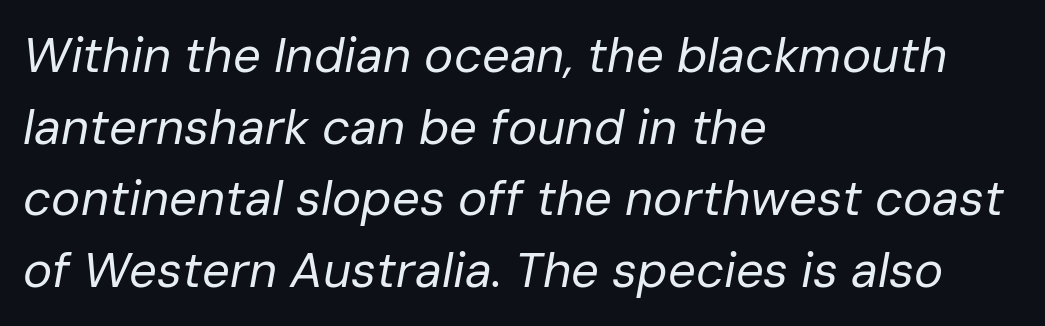
Q: Is the text bold? A: No.
Q: Is the text italic (slanted)? A: Yes, it leans right by about 10 degrees.
Q: Is the text underlined? A: No.
Q: How is the paragraph aligned? A: Left-aligned.
Q: Is the spacing between letters normal or unusually wide? A: Normal.
Q: Is the spacing between lines tight, normal or loose? A: Normal.
Q: Width (condensed, normal, or wide)? A: Normal.
Q: Stroke contrast? A: Low.
Q: x-height? A: Medium.
Q: Monospaced? A: No.
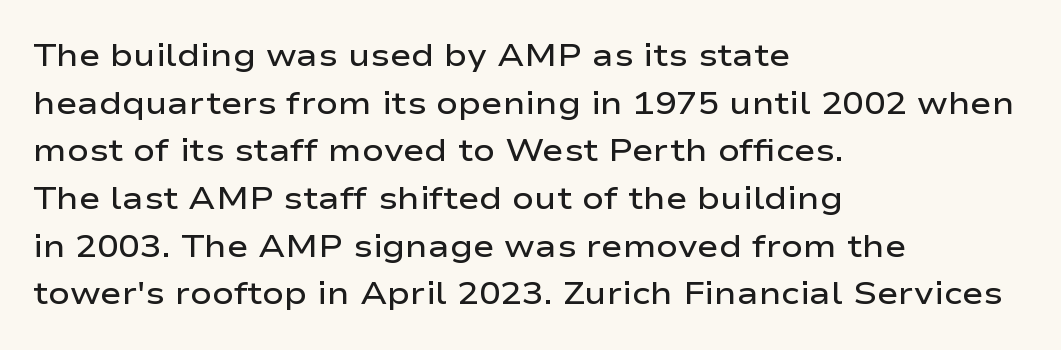
Q: Is the text bold? A: Semi-bold.
Q: Is the text italic (slanted)? A: No, it is upright.
Q: Is the typeface a serif or a sans-serif typeface? A: Sans-serif.
Q: Is the text underlined? A: No.
Q: How is the paragraph aligned? A: Left-aligned.
Q: Is the spacing between letters normal or unusually wide? A: Normal.
Q: Is the spacing between lines tight, normal or loose? A: Normal.
Q: Width (condensed, normal, or wide)? A: Wide.
Q: Stroke contrast? A: Low.
Q: x-height? A: Medium.
Q: Monospaced? A: No.
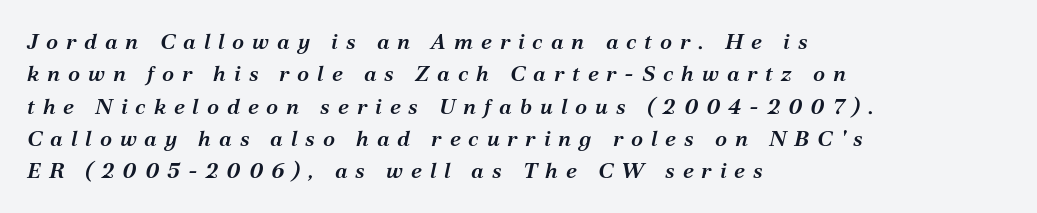
Q: Is the text bold? A: Semi-bold.
Q: Is the text italic (slanted)? A: Yes, it leans right by about 12 degrees.
Q: Is the text underlined? A: No.
Q: How is the paragraph aligned? A: Left-aligned.
Q: Is the spacing between letters normal or unusually wide? A: Unusually wide.
Q: Is the spacing between lines tight, normal or loose? A: Normal.
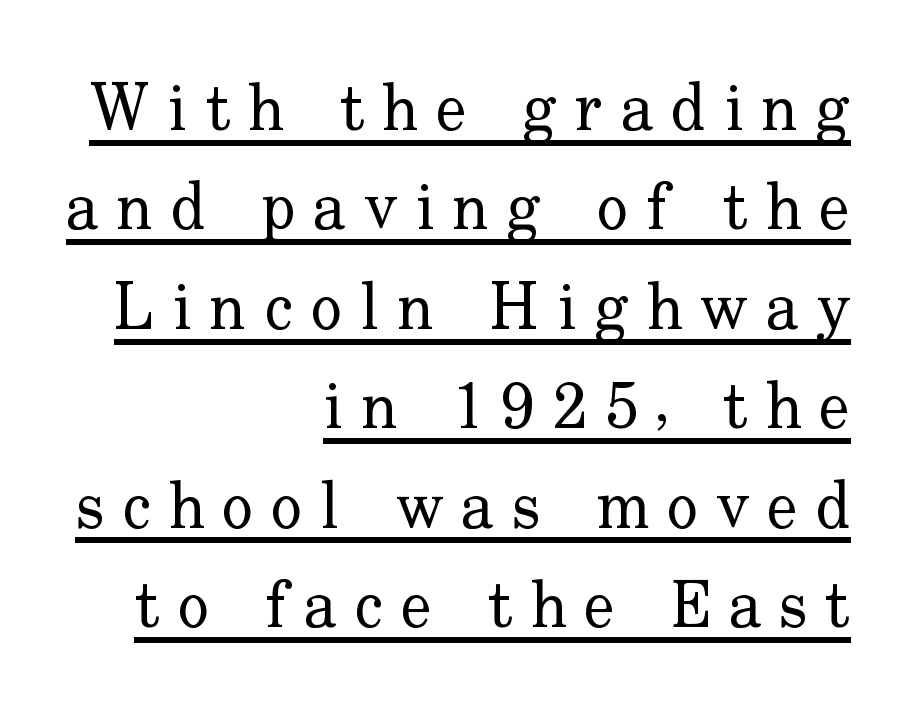
{"serif": "yes", "italic": "no", "bold": "no", "weight": "regular", "width": "normal", "stroke_contrast": "low", "x_height": "small", "monospaced": "no", "underline": "yes", "align": "right", "line_spacing": "normal", "line_spacing_ratio": 1.53, "letter_spacing": "wide", "letter_spacing_em": 0.28, "glyph_px": 65}
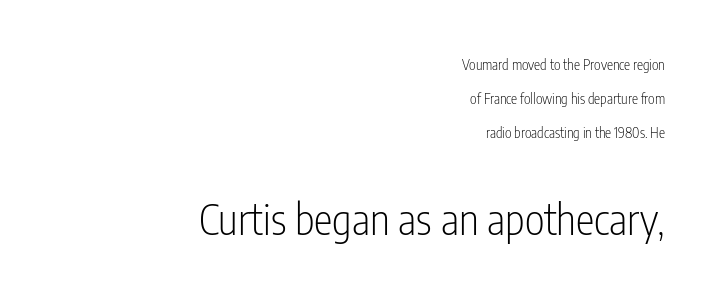
{"serif": "no", "italic": "no", "bold": "no", "weight": "light", "width": "condensed", "stroke_contrast": "low", "x_height": "medium", "monospaced": "no", "underline": "no", "align": "right", "line_spacing": "loose", "line_spacing_ratio": 2.43, "letter_spacing": "normal", "letter_spacing_em": 0.0, "larger_block": "second", "size_ratio": 3.0, "glyph_px": 42}
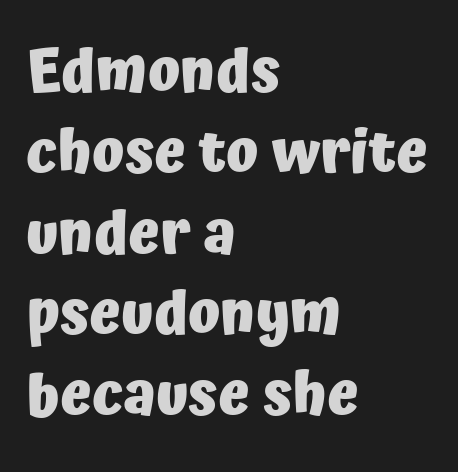
{"serif": "no", "italic": "no", "bold": "yes", "weight": "heavy", "width": "normal", "stroke_contrast": "low", "x_height": "medium", "monospaced": "no", "underline": "no", "align": "left", "line_spacing": "normal", "line_spacing_ratio": 1.37, "letter_spacing": "normal", "letter_spacing_em": 0.0, "glyph_px": 59}
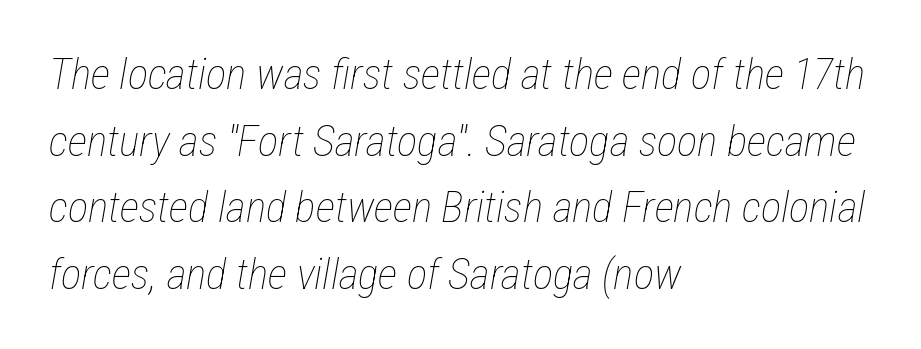
Q: Is the text bold? A: No.
Q: Is the text italic (slanted)? A: Yes, it leans right by about 12 degrees.
Q: Is the text underlined? A: No.
Q: How is the paragraph aligned? A: Left-aligned.
Q: Is the spacing between letters normal or unusually wide? A: Normal.
Q: Is the spacing between lines tight, normal or loose? A: Normal.
Q: Width (condensed, normal, or wide)? A: Condensed.
Q: Stroke contrast? A: Low.
Q: x-height? A: Medium.
Q: Monospaced? A: No.
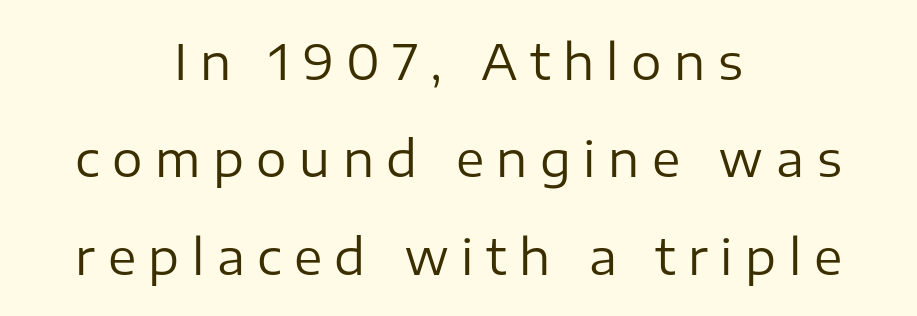
{"serif": "no", "italic": "no", "bold": "no", "weight": "regular", "width": "normal", "stroke_contrast": "low", "x_height": "medium", "monospaced": "no", "underline": "no", "align": "center", "line_spacing": "loose", "line_spacing_ratio": 2.03, "letter_spacing": "wide", "letter_spacing_em": 0.26, "glyph_px": 48}
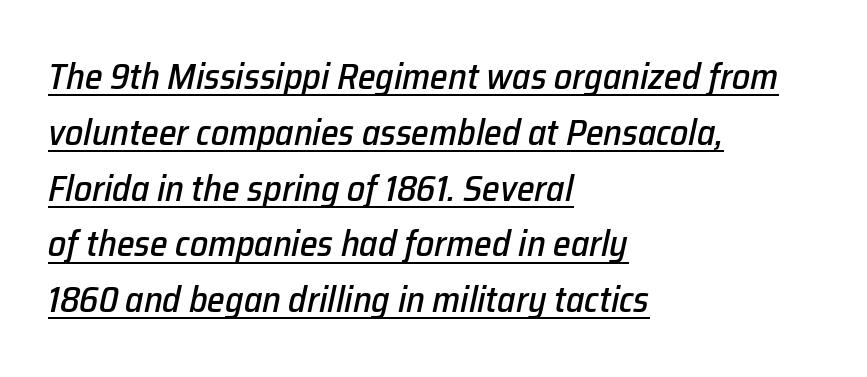
Line spacing here is normal. There's an unmistakable incline to the writing here. The sample's only ornament is a line tracing under the words. In terms of letterspacing, this is plain default setting. This sample has the flowing, uneven cadence of proportional lettering. If you drew a ruler down the left edge, every line would touch it.
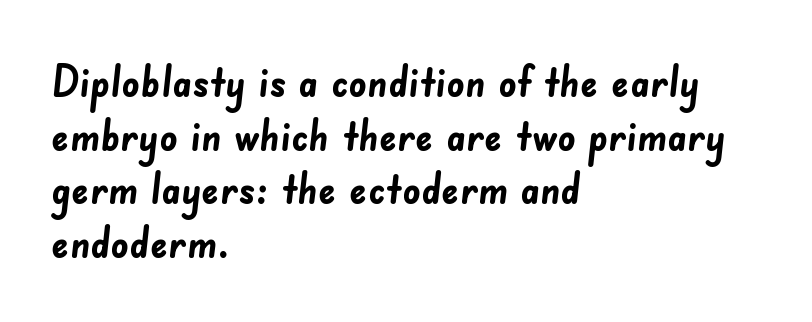
{"serif": "no", "bold": "yes", "weight": "semibold", "width": "normal", "stroke_contrast": "low", "x_height": "small", "monospaced": "no", "underline": "no", "align": "left", "line_spacing_ratio": 1.22, "letter_spacing": "normal", "letter_spacing_em": 0.0, "glyph_px": 44}
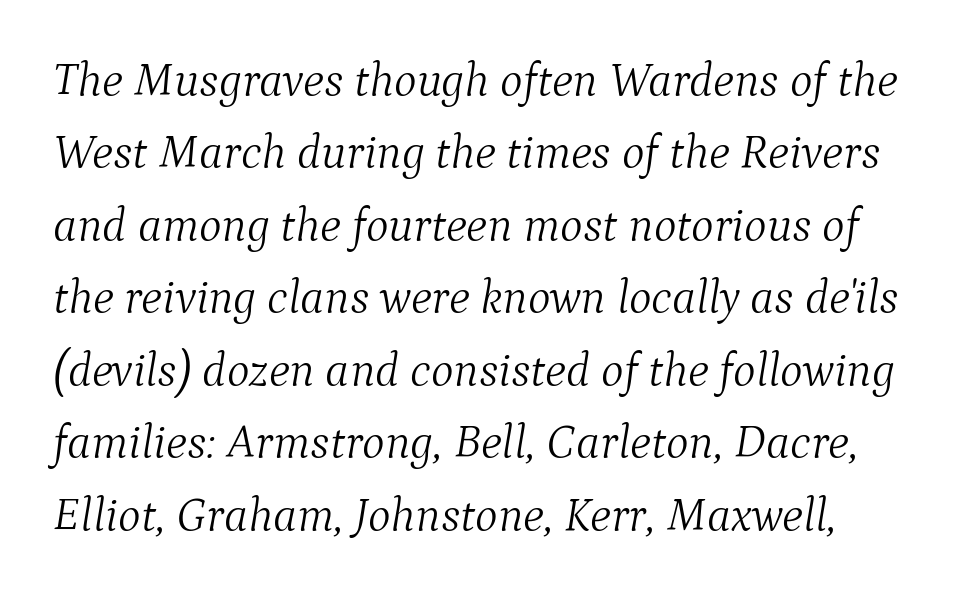
The rendering keeps characters at their native spacing. Does the type have serifs? Yes, each stem ends in a small foot. Letters have the restrained weight of plain body copy at most. Here the designer chose a conventional face with non-uniform glyph widths. Compared with ordinary roman type, these characters are visibly tilted.
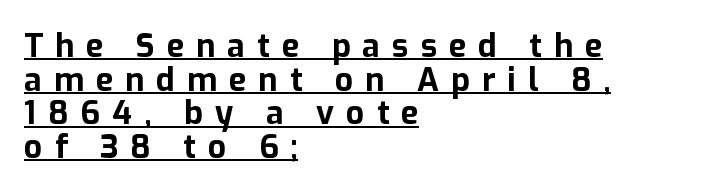
Q: Is the text bold? A: Yes.
Q: Is the text italic (slanted)? A: No, it is upright.
Q: Is the typeface a serif or a sans-serif typeface? A: Sans-serif.
Q: Is the text underlined? A: Yes.
Q: How is the paragraph aligned? A: Left-aligned.
Q: Is the spacing between letters normal or unusually wide? A: Unusually wide.
Q: Is the spacing between lines tight, normal or loose? A: Tight.
Q: Width (condensed, normal, or wide)? A: Normal.
Q: Stroke contrast? A: Low.
Q: x-height? A: Medium.
Q: Monospaced? A: No.
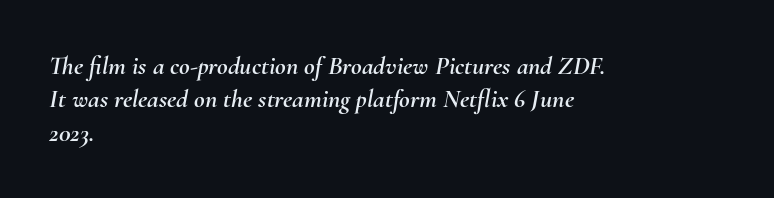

YOUR GOAL: Please print each of the records word for word, keeping the pictures out.

SOLUTION BELOW:
Q: Is the text bold? A: No.
Q: Is the text italic (slanted)? A: Yes, it leans right by about 10 degrees.
Q: Is the text underlined? A: No.
Q: How is the paragraph aligned? A: Left-aligned.
Q: Is the spacing between letters normal or unusually wide? A: Normal.
Q: Is the spacing between lines tight, normal or loose? A: Normal.
Q: Width (condensed, normal, or wide)? A: Normal.
Q: Stroke contrast? A: Low.
Q: x-height? A: Medium.
Q: Monospaced? A: No.
Q: Is the text bold? A: Semi-bold.
Q: Is the text italic (slanted)? A: No, it is upright.
Q: Is the typeface a serif or a sans-serif typeface? A: Sans-serif.
Q: Is the text underlined? A: No.
Q: How is the paragraph aligned? A: Left-aligned.
Q: Is the spacing between letters normal or unusually wide? A: Normal.
Q: Is the spacing between lines tight, normal or loose? A: Normal.
Q: Width (condensed, normal, or wide)? A: Wide.
Q: Stroke contrast? A: Low.
Q: x-height? A: Medium.
Q: Monospaced? A: No.
Q: Is the text bold? A: Semi-bold.
Q: Is the text italic (slanted)? A: Yes, it leans right by about 12 degrees.
Q: Is the text underlined? A: No.
Q: How is the paragraph aligned? A: Left-aligned.
Q: Is the spacing between letters normal or unusually wide? A: Unusually wide.
Q: Is the spacing between lines tight, normal or loose? A: Normal.
{"serif": "yes", "italic": "no", "bold": "no", "weight": "regular", "width": "normal", "stroke_contrast": "low", "x_height": "small", "monospaced": "no", "underline": "yes", "align": "right", "line_spacing": "normal", "line_spacing_ratio": 1.53, "letter_spacing": "wide", "letter_spacing_em": 0.28, "glyph_px": 65}
{"serif": "no", "italic": "no", "bold": "no", "weight": "light", "width": "condensed", "stroke_contrast": "low", "x_height": "medium", "monospaced": "no", "underline": "no", "align": "right", "line_spacing": "loose", "line_spacing_ratio": 2.43, "letter_spacing": "normal", "letter_spacing_em": 0.0, "larger_block": "second", "size_ratio": 3.0, "glyph_px": 42}
{"serif": "no", "italic": "no", "bold": "yes", "weight": "heavy", "width": "normal", "stroke_contrast": "low", "x_height": "medium", "monospaced": "no", "underline": "no", "align": "left", "line_spacing": "normal", "line_spacing_ratio": 1.37, "letter_spacing": "normal", "letter_spacing_em": 0.0, "glyph_px": 59}
Q: Is the text bold? A: No.
Q: Is the text italic (slanted)? A: Yes, it leans right by about 12 degrees.
Q: Is the text underlined? A: No.
Q: How is the paragraph aligned? A: Left-aligned.
Q: Is the spacing between letters normal or unusually wide? A: Normal.
Q: Is the spacing between lines tight, normal or loose? A: Normal.
Q: Width (condensed, normal, or wide)? A: Condensed.
Q: Stroke contrast? A: Low.
Q: x-height? A: Medium.
Q: Monospaced? A: No.
{"serif": "no", "italic": "no", "bold": "no", "weight": "regular", "width": "normal", "stroke_contrast": "low", "x_height": "medium", "monospaced": "no", "underline": "no", "align": "center", "line_spacing": "loose", "line_spacing_ratio": 2.03, "letter_spacing": "wide", "letter_spacing_em": 0.26, "glyph_px": 48}
Line spacing here is normal. There's an unmistakable incline to the writing here. The sample's only ornament is a line tracing under the words. In terms of letterspacing, this is plain default setting. This sample has the flowing, uneven cadence of proportional lettering. If you drew a ruler down the left edge, every line would touch it.
{"serif": "no", "bold": "yes", "weight": "semibold", "width": "normal", "stroke_contrast": "low", "x_height": "small", "monospaced": "no", "underline": "no", "align": "left", "line_spacing_ratio": 1.22, "letter_spacing": "normal", "letter_spacing_em": 0.0, "glyph_px": 44}
The rendering keeps characters at their native spacing. Does the type have serifs? Yes, each stem ends in a small foot. Letters have the restrained weight of plain body copy at most. Here the designer chose a conventional face with non-uniform glyph widths. Compared with ordinary roman type, these characters are visibly tilted.
Q: Is the text bold? A: Yes.
Q: Is the text italic (slanted)? A: No, it is upright.
Q: Is the typeface a serif or a sans-serif typeface? A: Sans-serif.
Q: Is the text underlined? A: Yes.
Q: How is the paragraph aligned? A: Left-aligned.
Q: Is the spacing between letters normal or unusually wide? A: Unusually wide.
Q: Is the spacing between lines tight, normal or loose? A: Tight.
Q: Width (condensed, normal, or wide)? A: Normal.
Q: Stroke contrast? A: Low.
Q: x-height? A: Medium.
Q: Monospaced? A: No.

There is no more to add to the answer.